Vor allem: Auf nationaler Bühne ist Whitmer vielen unbekannt – und das in wenigen Monaten zu ändern, ist schwierig. Und trotz progressiver Allüren steht Whitmer der single-payer-healthcare – also einer Bürgerversicherung für alle – skeptisch gegenüber; damit ist sie Linken suspekt. Kritisch beäugt wird Whitmer auch von der großen arabischen Minderheit in Michigan, die sich angesichts von Bidens Israel-Unterstützung im Gazakrieg von den Demokraten abwenden.

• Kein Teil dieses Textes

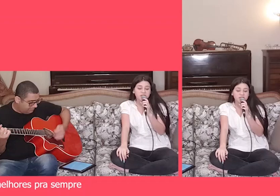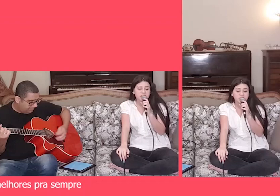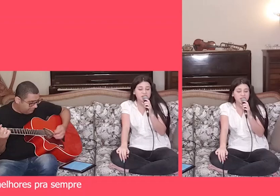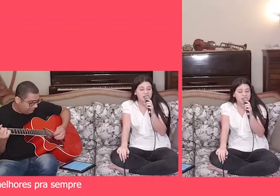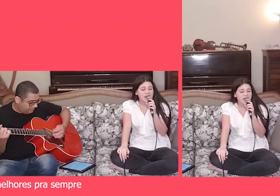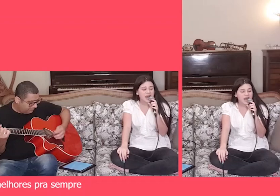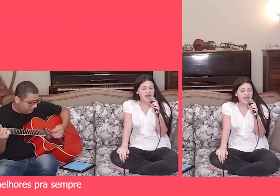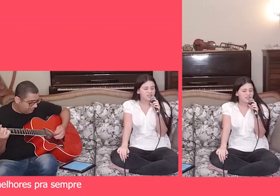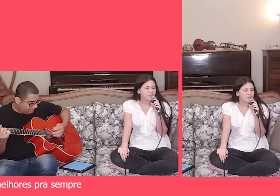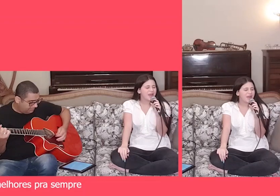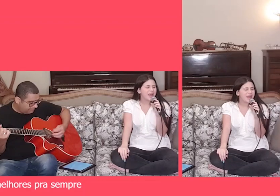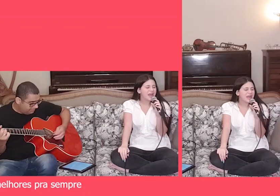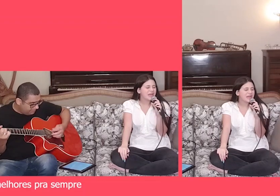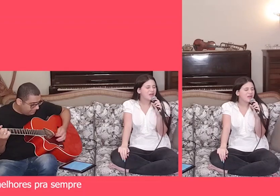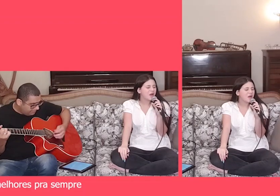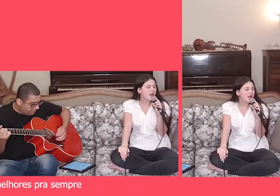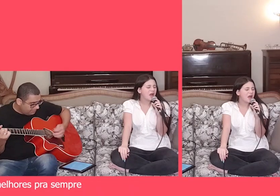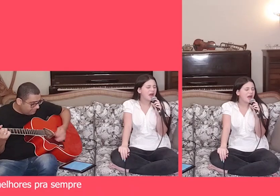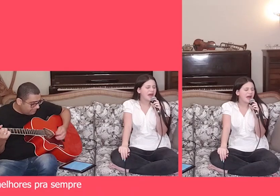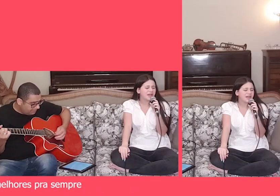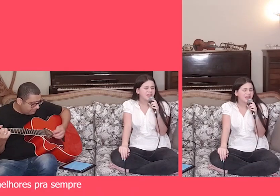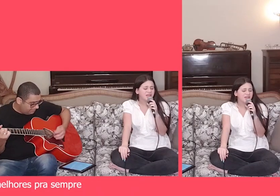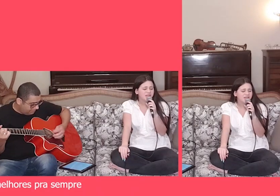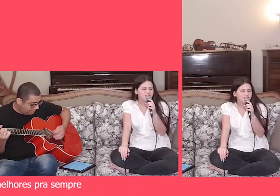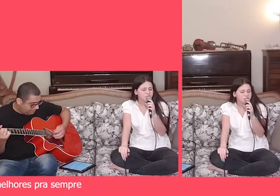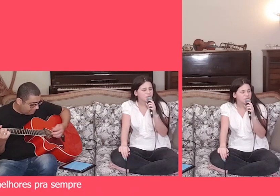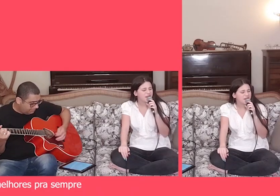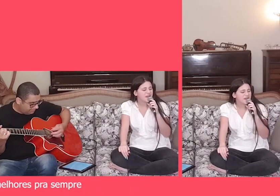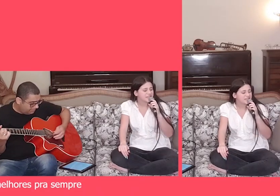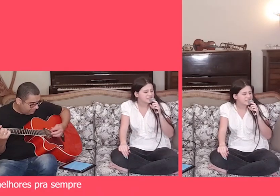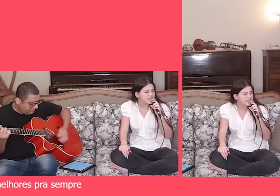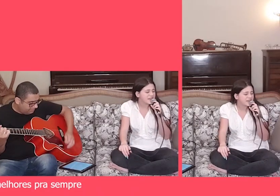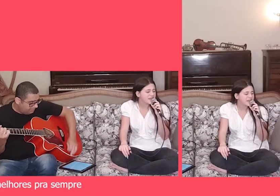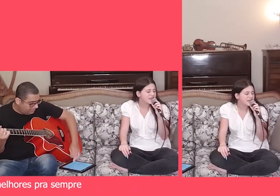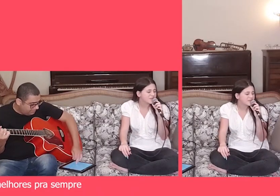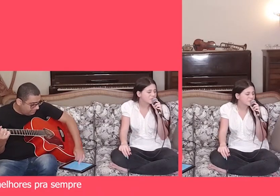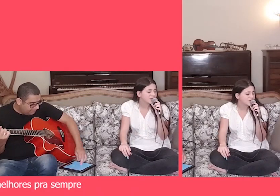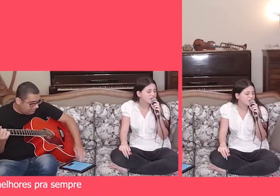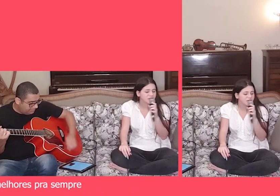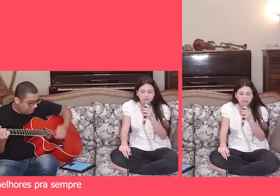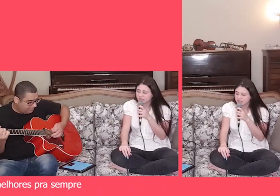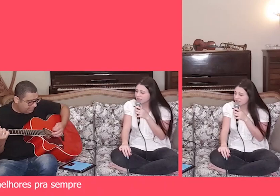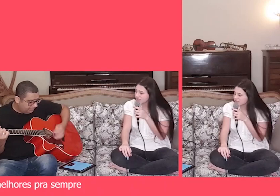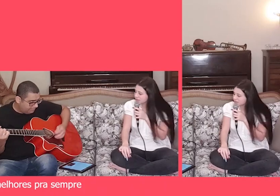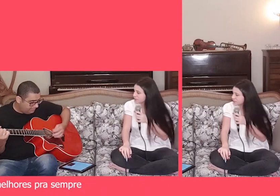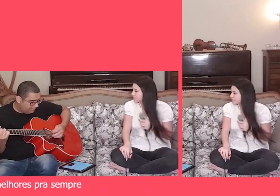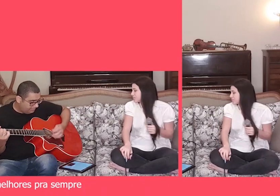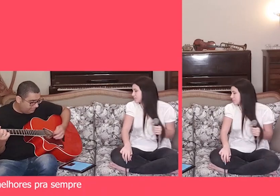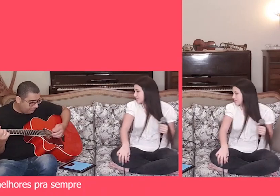Dias melhores para sempre

Zwar versuchte Whitmer wohl privat auf die arabische Community zuzugehen, sagte öffentlich aber: „Ich unterstütze Israel uneingeschränkt.” Leon Holly

Die Joker

J. B. Pritzker

Der Milliardenerbe und Gouverneur von Illinois wird beim Demokratischen Nominierungsparteitag im August in Chicago Gastgeber sein. Sein Name wird immer wieder gehandelt – aber nicht sehr ernsthaft.

Foto: Pete Mariner/imago

Michelle Obama

Die frühere First Lady hat immer wieder erklärt, dass sie nicht zur Verfügung steht. Und dennoch ploppt ihr Name immer wieder auf, je verzweifelter die Demokrat:innen im Kampf gegen Trump werden.

Foto: Michael Reynolds/Pool via CNP/imago

Pete Buttigieg

Mit 42 der Youngster unter den Schattenkandidat:innen. Wollte 2020 Präsidentschaftskandidat werden, wurde dann Verkehrsminister. Schwul, progressiv, eloquent – aber unerfahren.